The surgeon sits medial to the patient’s arm with an assistant lateral to the arm. The assistant externally rotates the patient’s shoulder and flexes the elbow to expose the medial epicondyle of the humerus and olecranon process of the ulna. The skin incision is marked in a line halfway between the medial epicondyle and olecranon, extending from this interval to approximately 2 to 3 cm distal over the FCU muscle, directly over the course of the ulnar nerve (▶Fig. 22.2). If a tourniquet is used, then the arm is raised and exsanguinated using an Esmarch bandage. The tourniquet is then inflated to 250 mm Hg and the Esmarch bandage is removed.

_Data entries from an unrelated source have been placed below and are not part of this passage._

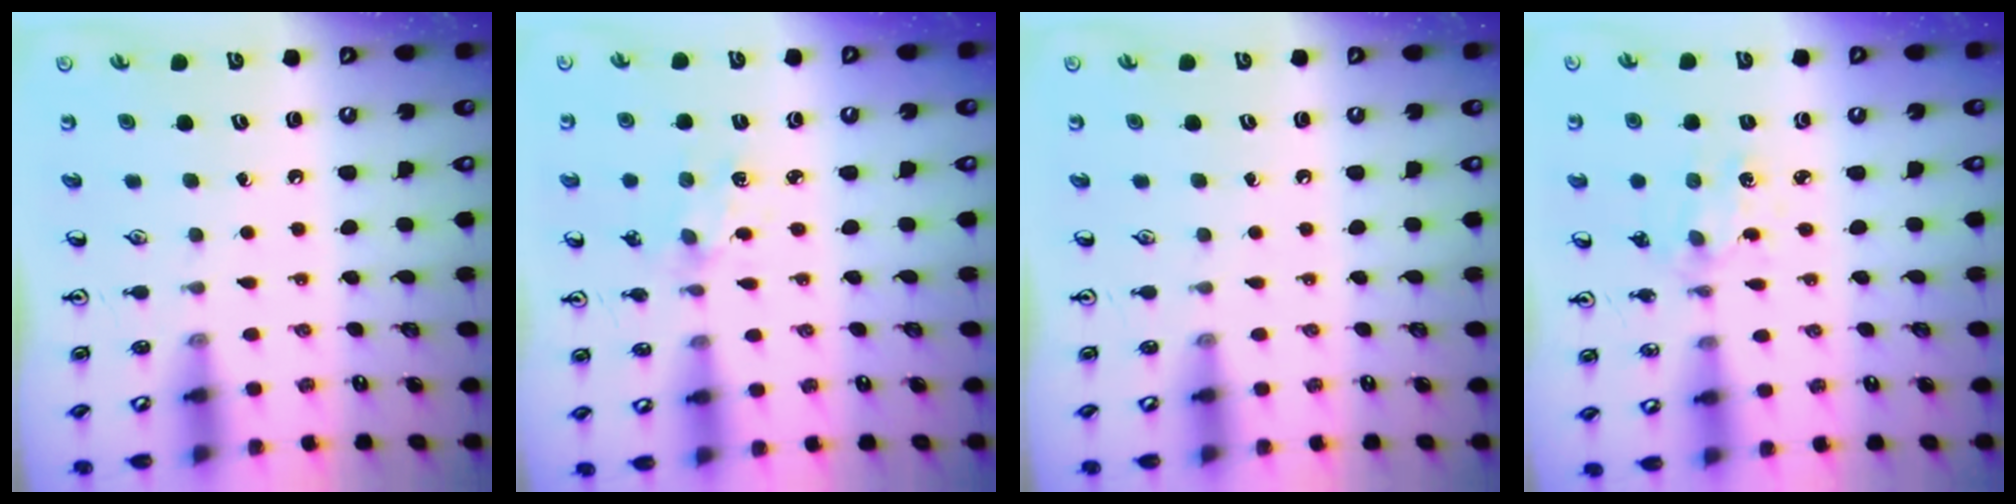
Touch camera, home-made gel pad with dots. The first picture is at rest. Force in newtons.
{"total": 2.0, "press": 2.0, "slide": 0.4}
{"total": 0.0}
{"total": 2.1, "press": 2.1, "slide": 0.4}
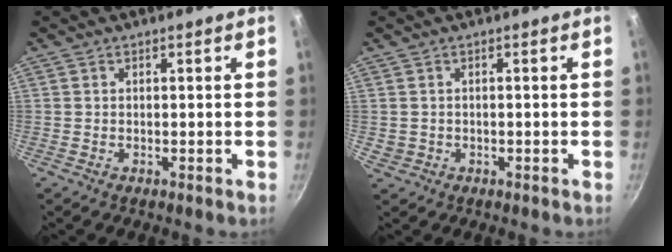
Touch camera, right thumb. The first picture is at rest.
{"total": 1.6, "force": [-0.2, 1.4, 0.6], "torque": [-0.010, 0.008, 0.007]}
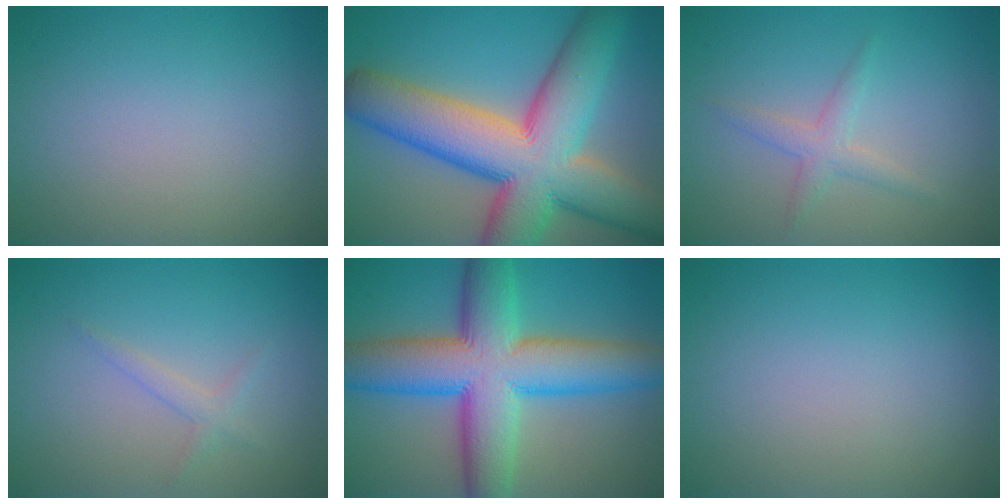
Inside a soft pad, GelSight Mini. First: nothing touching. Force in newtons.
{"total": 15.2, "press": 15.2, "slide": 0.9}
{"total": 1.9, "press": 1.9, "slide": 0.0}
{"total": 1.3, "press": 1.3, "slide": 0.1}
{"total": 12.7, "press": 12.7, "slide": 0.1}
{"total": 0.0}
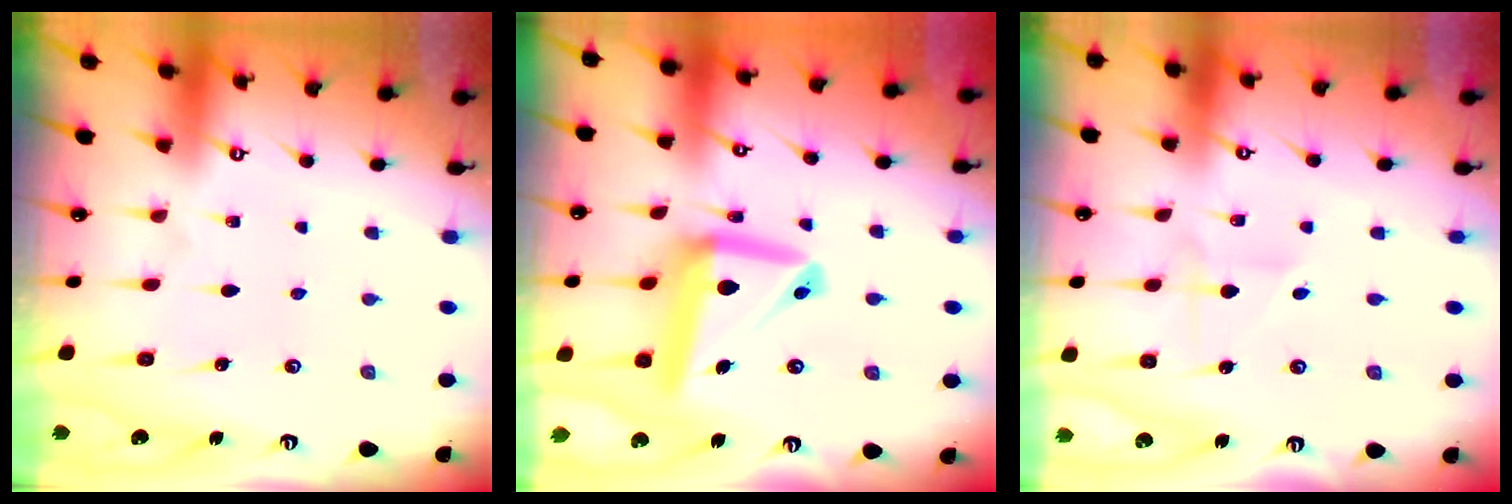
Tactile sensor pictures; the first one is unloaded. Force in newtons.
{"total": 15.4, "press": 15.3, "slide": 1.9}
{"total": 2.4, "press": 2.2, "slide": 0.9}
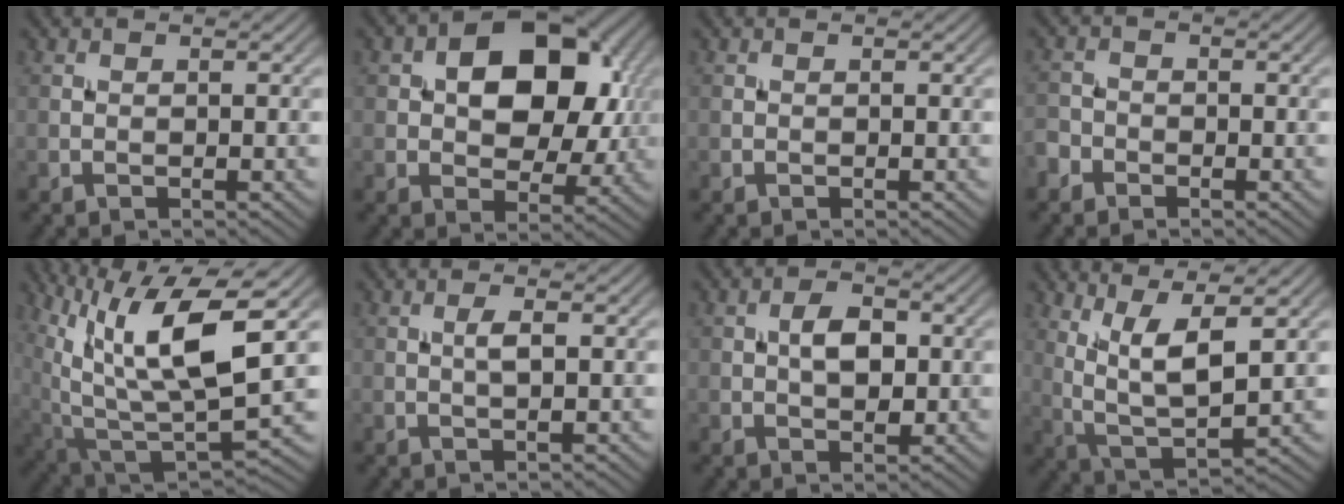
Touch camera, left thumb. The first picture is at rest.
{"total": 12.3, "force": [2.4, 8.2, 8.8], "torque": [-0.122, 0.004, 0.037]}
{"total": 0.0}
{"total": 2.1, "force": [-1.6, 1.4, 0.4], "torque": [-0.011, 0.001, -0.043]}
{"total": 17.0, "force": [5.4, 6.3, 14.8], "torque": [-0.287, -0.005, 0.107]}
{"total": 1.8, "force": [0.3, 0.3, 1.8], "torque": [-0.038, 0.004, 0.004]}
{"total": 4.2, "force": [0.2, 2.5, 3.4], "torque": [-0.064, 0.003, 0.001]}
{"total": 9.1, "force": [3.5, 3.0, 7.8], "torque": [-0.169, 0.002, 0.072]}
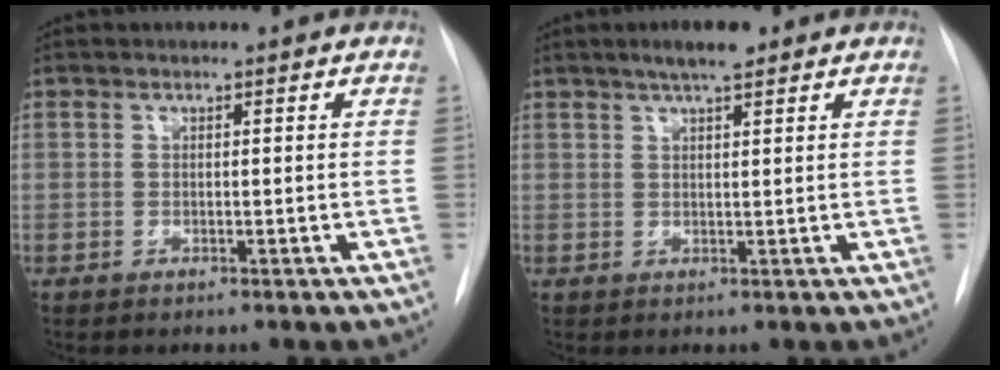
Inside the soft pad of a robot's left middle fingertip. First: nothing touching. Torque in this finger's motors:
{"motor_torque": [0.24, -0.23, 0.03, 0.03]}
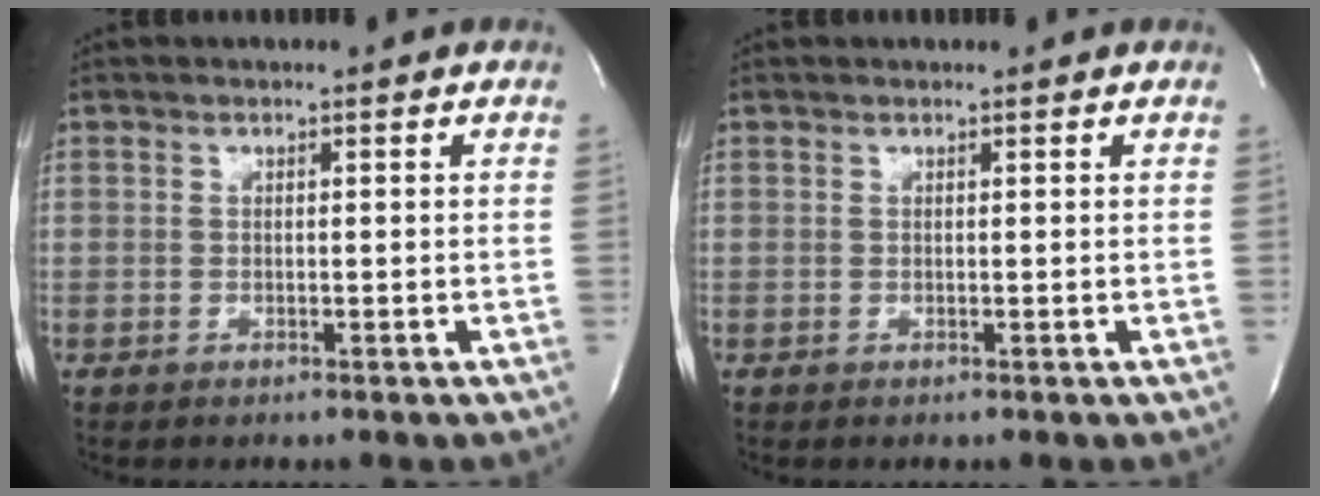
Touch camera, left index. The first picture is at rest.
{"total": 0.7, "force": [0.7, 0.0, 0.0], "torque": [-0.003, 0.005, 0.010]}
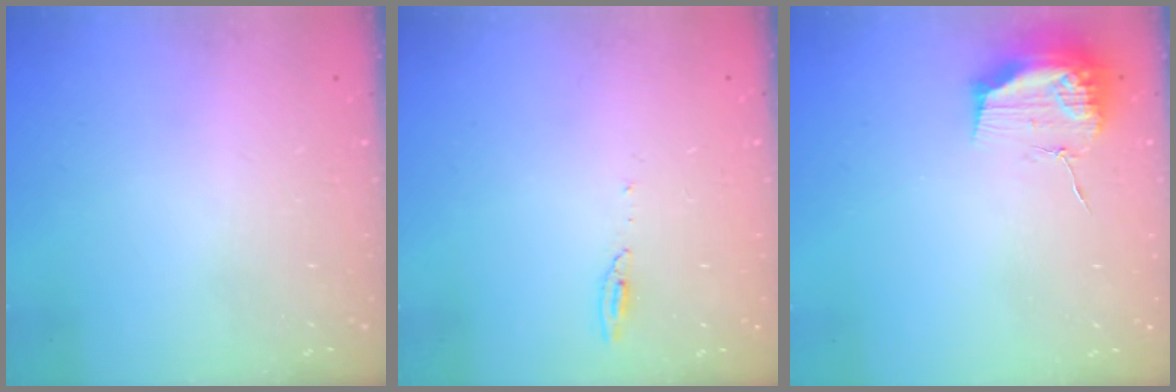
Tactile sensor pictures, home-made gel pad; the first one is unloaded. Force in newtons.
{"total": 3.5, "press": 3.4, "slide": 0.7}
{"total": 13.1, "press": 13.1, "slide": 0.1}
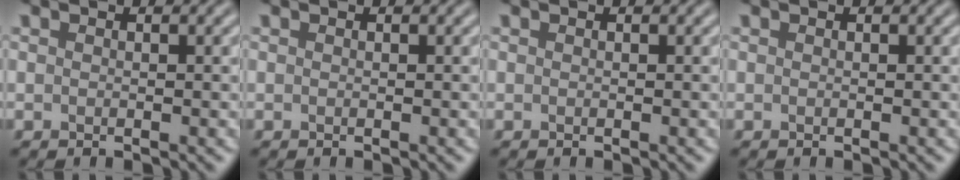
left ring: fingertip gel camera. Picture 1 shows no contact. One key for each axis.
{"total": 0.0}
{"total": 0.0}
{"total": 0.0}
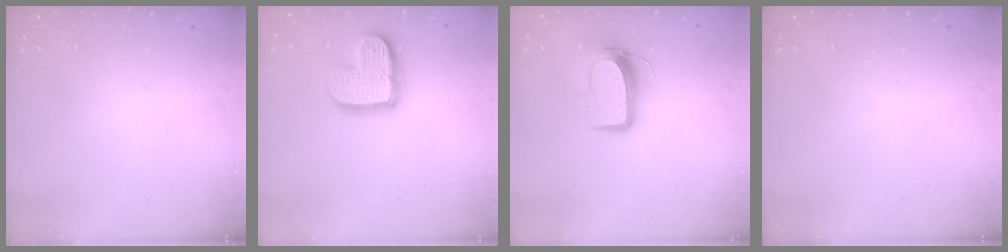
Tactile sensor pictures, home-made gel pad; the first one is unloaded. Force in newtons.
{"total": 14.9, "press": 14.9, "slide": 1.1}
{"total": 10.2, "press": 10.2, "slide": 0.8}
{"total": 0.0}
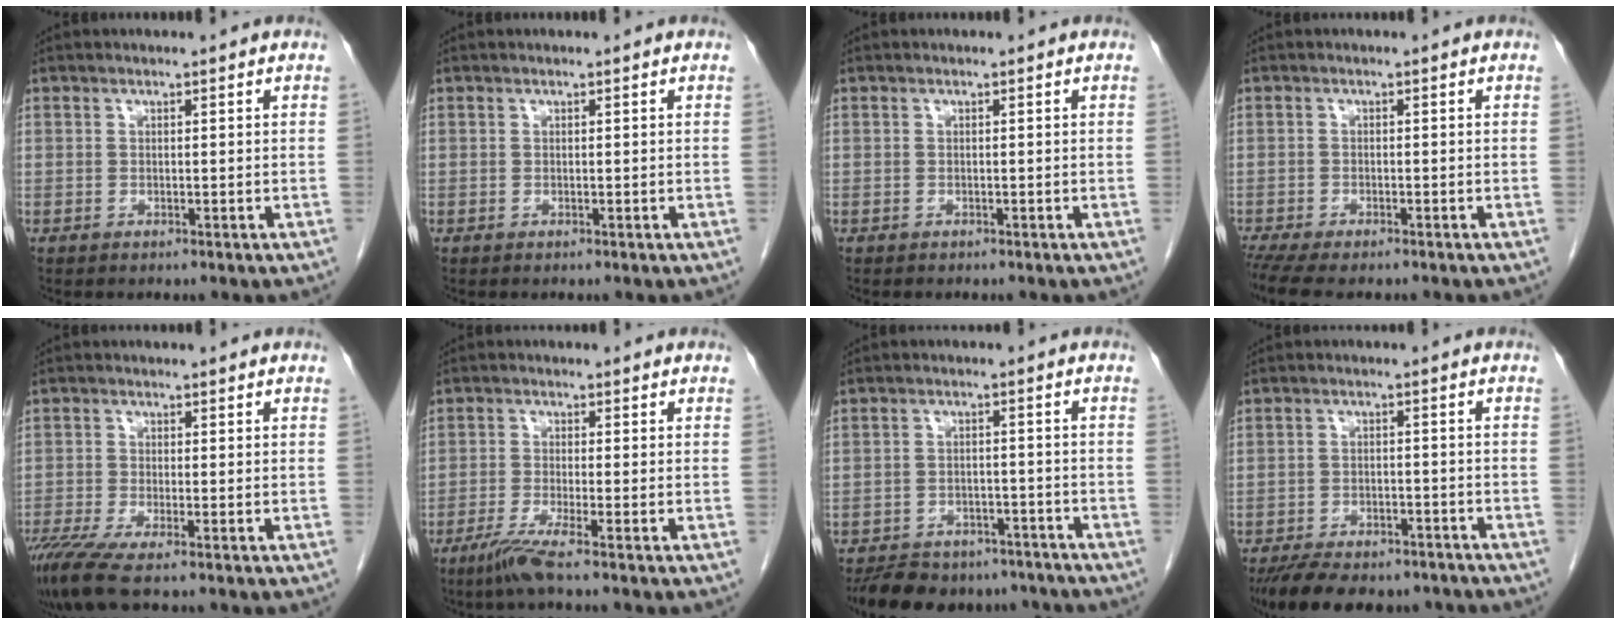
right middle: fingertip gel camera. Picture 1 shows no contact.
{"total": 0.0}
{"total": 0.0}
{"total": 7.8, "force": [-6.4, 1.9, 4.1], "torque": [-0.068, -0.009, -0.099]}
{"total": 5.6, "force": [-3.9, 0.2, 4.1], "torque": [-0.080, -0.017, -0.074]}
{"total": 3.9, "force": [-2.7, -0.7, 2.8], "torque": [-0.062, -0.013, -0.059]}
{"total": 13.0, "force": [-10.9, 5.7, 4.1], "torque": [-0.073, 0.001, -0.142]}
{"total": 13.7, "force": [-11.2, 5.1, 6.1], "torque": [-0.113, -0.003, -0.157]}

An incision is made with a no. 15 blade through skin and superficial subcutaneous tissue (▶Fig. 22.3). Tenotomy scissors are then used to spread the subcutaneous tissue in a direction perpendicular to the incision in order to identify posterior branches of the medial antebrachial cutaneous (MABC) nerve that course through the plane of dissection. Dissection with scissors continues to the deep fascia overlying the flexor/pronator origin, and skin flaps are mobilized sufficiently to expose this fascia.
The ulnar nerve can be palpated posterior to the medial epicondyle and courses posterior to the medial intermuscular septum. The leading edge of the FCU (Osborne’s ligament) is visualized proximally along with the medial intermuscular septum distally. An incision is made carefully with a no. 15 blade in the fascia overlying the nerve. Release is then continued proximally above the medial epicondyle to include aponeurotic fascia overlying the epicondylar groove and the arcade of Struthers, ending at the medial border of the medial head of the triceps muscle (▶Fig. 22.4).